The evaluation method for traditional villages

Through literature review and field visits to 415 traditional villages in Qiandongnan, a preliminary comprehensive evaluation index system for traditional villages in Qiandongnan and a development potential evaluation index system were constructed based on comprehensive opinions. The Delphi method was employed to screen and refine the two preliminary evaluation systems mentioned above. A total of 15 experts were invited to participate in the evaluations using both the Delphi and Analytic Hierarchy Process (AHP) methods, including specialists in cultural heritage conservation (6), urban and rural planning (5), and geography and environmental studies (4). Consistency checks were conducted on the AHP pairwise comparison matrices, and all consistency ratios (CR) were below 0.1, thereby establishing the formal evaluation indicator system.

$${ADP}={\sum }_{i=1}^{n}{X}_{i}\cdot {W}_{i}$$
(3)

In Eq. (3), \({X}_{i}\) represents the numerical value computed for indicator i after assignment processing of its original data, \({W}_{i}\) represents the weight parameter associated with indicator \(i\). ADP denotes the total value of the evaluation index system. A higher \({ADP}\) value indicates a larger value for either the comprehensive evaluation index system or the development potential evaluation index system of traditional villages, while a lower value indicates the opposite.

Complex network analysis method

Complex network analysis simplifies complex systems into a collection of nodes connected by edges, where nodes represent basic units of the complex system and edges denote interactions between these units24. In this study, nodes represent traditional villages, and edges represent attraction relationships between villages. An edge is assigned a value of 1 if the attraction value between two villages exceeds the average attraction value, and 0 otherwise, forming a relationship matrix to construct the “network” of traditional village clusters. Various quantitative measures are computed as follows:

Cut-point

Cut-points are nodes in a network that, once removed, split the entire graph into two or more disconnected subgraphs (components). A higher number of cut-points indicates a more fragile network25.

Small-world characteristics

A network exhibits small-world characteristics if it is large but sparse, lacking a central core but highly clustered. This is characterized by a small average path length and a large clustering coefficient. In the network structure of traditional village clusters, poorer completeness corresponds to more pronounced small-world characteristics26.

Network density

Network density measures the closeness of connections between nodes in a network. It is calculated as the ratio of the actual number of connections to the maximum possible connections.

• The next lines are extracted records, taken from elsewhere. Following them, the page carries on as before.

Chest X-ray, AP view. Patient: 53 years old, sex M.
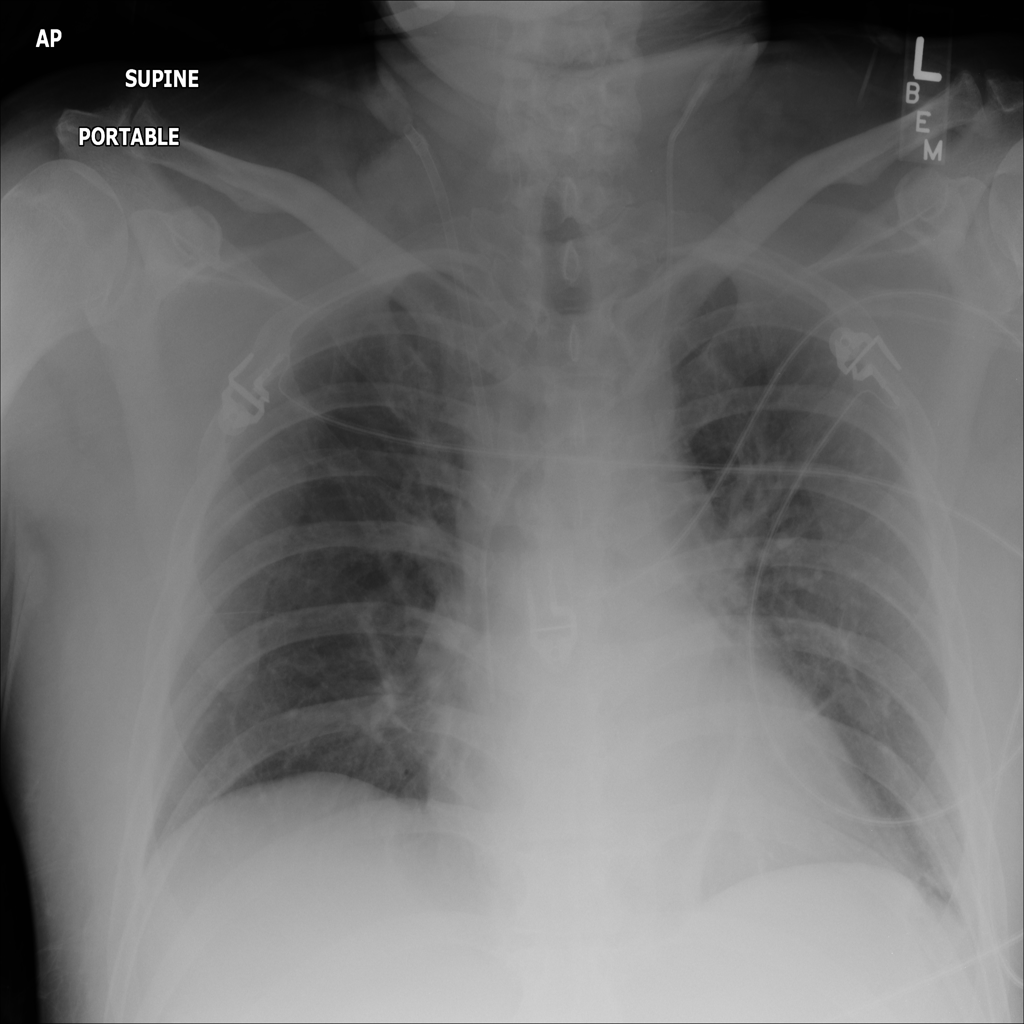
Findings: No Finding

A lower density indicates a looser network structure and weaker completeness27.

Cohesive subgroups - block model

Block model analysis is a primary method for spatial clustering analysis. It identifies different levels of cohesive subgroups by analyzing relationships between internal and external members of subgroups. It determines the role of blocks in the network by analyzing the exchange of information between different blocks28.

K-core

K-core refers to a subgraph where each node is adjacent to at least k other nodes within that subgraph. K-core analysis (k = 1, 2, 3, …) measures the local stability of the network25.

Core-periphery

The core-periphery model distinguishes between the core and periphery of a network structure. Actors within the core have dense connections, forming cohesive subgroups. Nodes with an average core value above a certain threshold are identified as core nodes, which hold a dominant position in the network structure28,29.

Degree centrality

Degree centrality measures the extent to which an actor controls other resources and nodes in the network, indicating its importance. Higher values of degree centrality indicate more evenly distributed node importance and a balanced network structure30.

Structural holes

Structural holes describe brokerage positions that connect otherwise disconnected actors in the network, giving them competitive advantages. Efficiency, effectiveness, and constraint are typically used to measure structural holes. Nodes with higher efficiency and lower constraint exhibit more prominent structural hole advantages, indicating superior developmental advantages31.

Broker

Brokers are actors positioned in the middle of networks. They can be categorized into five roles based on their specific positions: coordinator, gatekeeper, spokesperson, advisor, and liaison. Each role signifies different capabilities in terms of information dissemination and connectivity within and between subgroups29.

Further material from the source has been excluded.